WIP Rosencrantz/#153 media monitoring

alephdata / memorious

Lightweight web scraping toolkit for documents and structured data.

https://docs.alephdata.org/developers/memorious

MIT License

311 stars 59 forks source link

WIP Rosencrantz/#153 media monitoring #167

Closed Rosencrantz closed 3 years ago

Rosencrantz commented 3 years ago

VERY WIP. This is certainly not ready for merging yet, I may regret opening a pull request this early, but I wanted to raise awareness and garner feedback.

@pudo, @sunu I've made a start on adding the ability to parse articles using memorious and the newspaper3k library. So far, what these changes provide are:

And xpath rule that will evaluate to true in the event that the provided xpath finds a match in the document supplied
An article method (currently part of the parse.py instead of a separate module) which will use newspaper to extract content from a news article
A content section under parse inside the yml file that provides the ability to map fields extracted from newspaper to keys and which are then added to the data object
A new example yml file simple_article_scraper (based off simple_web_scraper_2) that makes use of the new article method

I've also added a small debugger into the dev setup (debugpy installed from worker.sh) that allows a bit of remote debugging.

Things I still want to do:

At the moment article makes a new request to the page in order to extract content. This probably should be refactored out, moving the initial Article request to fetch instead of parse perhaps?
There seem to be a couple of broken tests that need to be fixed up. related to document cloud, and something about a zip file
For some reason the ui doesn't work in dev. Looks to be related to gunicorn
Add documentation both into the code and into the docs
See how all this integrates into the ftm Article that @pudo has previously created
End to end testing

Addendum:

It's worth being mindful of the fact that the newspaper/newspaper3k library does not seem to have had any major updates in a while.
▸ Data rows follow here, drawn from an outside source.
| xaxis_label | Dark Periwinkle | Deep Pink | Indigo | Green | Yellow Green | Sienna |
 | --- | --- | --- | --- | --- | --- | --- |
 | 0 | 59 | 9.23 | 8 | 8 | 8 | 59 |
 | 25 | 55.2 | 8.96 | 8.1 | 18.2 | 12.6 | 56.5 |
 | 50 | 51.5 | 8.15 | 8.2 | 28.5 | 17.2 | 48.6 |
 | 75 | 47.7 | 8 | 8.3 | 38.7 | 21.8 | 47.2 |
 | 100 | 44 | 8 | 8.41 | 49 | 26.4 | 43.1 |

Would be problematic to start relying on this only to find it holding future development back.

In my own fiddling with this problem (how to extract the useful information from an article and remove all the extra cruft) I've had it in my mind to attempt using ML. Record each page as an image and then train up something to handle information extraction. Would probably be able to handle a wider variety of news outlets without configuration with the downside being that it will not always get things right. Something to think about.

pudo commented 3 years ago

Thanks for keeping this going, very cool feature add. Some misc feedback:

I wonder if we should rename aleph_emit to aleph_document internally for clarity (we could still support aleph_emit as an alias in setup.py).
I'm not sure about the split of responsibilities between parse_article and aleph_entity: I feel parse_article should handle emitting properties that are assembled, and those just get pushed wholesale to the API in aleph_entity.
Regarding languages and countries: on the Aleph side, these are validated against followthemoney. Since memorious now also depends on that, we could very easily do a prelim normalisation/validation there and produce some good logging. I assume that's also what include_languages tries to deal with:

from followthmoney.types import registry

country_code = registry.country.clean('Russia')
lang_code = registry.language.clean('ru')
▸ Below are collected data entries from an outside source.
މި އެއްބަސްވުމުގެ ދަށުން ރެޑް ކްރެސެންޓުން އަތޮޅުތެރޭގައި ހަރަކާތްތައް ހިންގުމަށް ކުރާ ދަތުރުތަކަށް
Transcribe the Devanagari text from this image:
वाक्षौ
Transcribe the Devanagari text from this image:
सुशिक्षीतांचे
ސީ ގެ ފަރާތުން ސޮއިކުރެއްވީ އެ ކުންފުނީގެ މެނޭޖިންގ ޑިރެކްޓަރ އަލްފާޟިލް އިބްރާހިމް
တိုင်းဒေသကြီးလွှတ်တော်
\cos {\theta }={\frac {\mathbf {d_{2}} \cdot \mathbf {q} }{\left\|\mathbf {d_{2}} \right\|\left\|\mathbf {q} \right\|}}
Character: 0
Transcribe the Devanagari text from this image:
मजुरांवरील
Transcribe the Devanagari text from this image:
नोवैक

p.s. Regarding line breaks: would be awesome to set up black and adopt it's defaults for other linters (like flake8) as well :)

Rosencrantz commented 3 years ago

Possibly, although a document is an entity. I wonder whether something like aleph_ingest might work? Either way we'd need to deprecate if this is something that our users rely on in their own Aleph instances. Doubling up in the setup.py would be a good idea!

I'm still playing with parsing data. In the latest commit i've changed things around. Now you can specify a xpath to use to extract information from an article (or whatever type you want to parse). There is now a separate article.py file in the example folder that contains the parse and parse_article methods. Parse extracts content using newspaper3k. parse_article looks at the yaml file. If an xpath is defined for the property it will use it, otherwise it will default to using newspaper.

I did this because newspaper doesn't always succeed in extract all the data so I wanted to be able to manually configure it. As it stands setup could be used across multiple news sites and configured individually for each. It's also not restricted to articles. In theory I think you could parse the data into any Aleph type, you'd simply need to create a file that defines the schema and puts data into the appropriate field.

I've added an aleph_entity method to aleph.py and abstracted some of the common code into a separate method.

Rosencrantz commented 3 years ago

Small update. You can now create arbitrary entities via aleph_entity. At the moment you need to specify a schema in the yaml file along with the properties which take xpath values for their information. That data is then pushed into aleph using write_entities.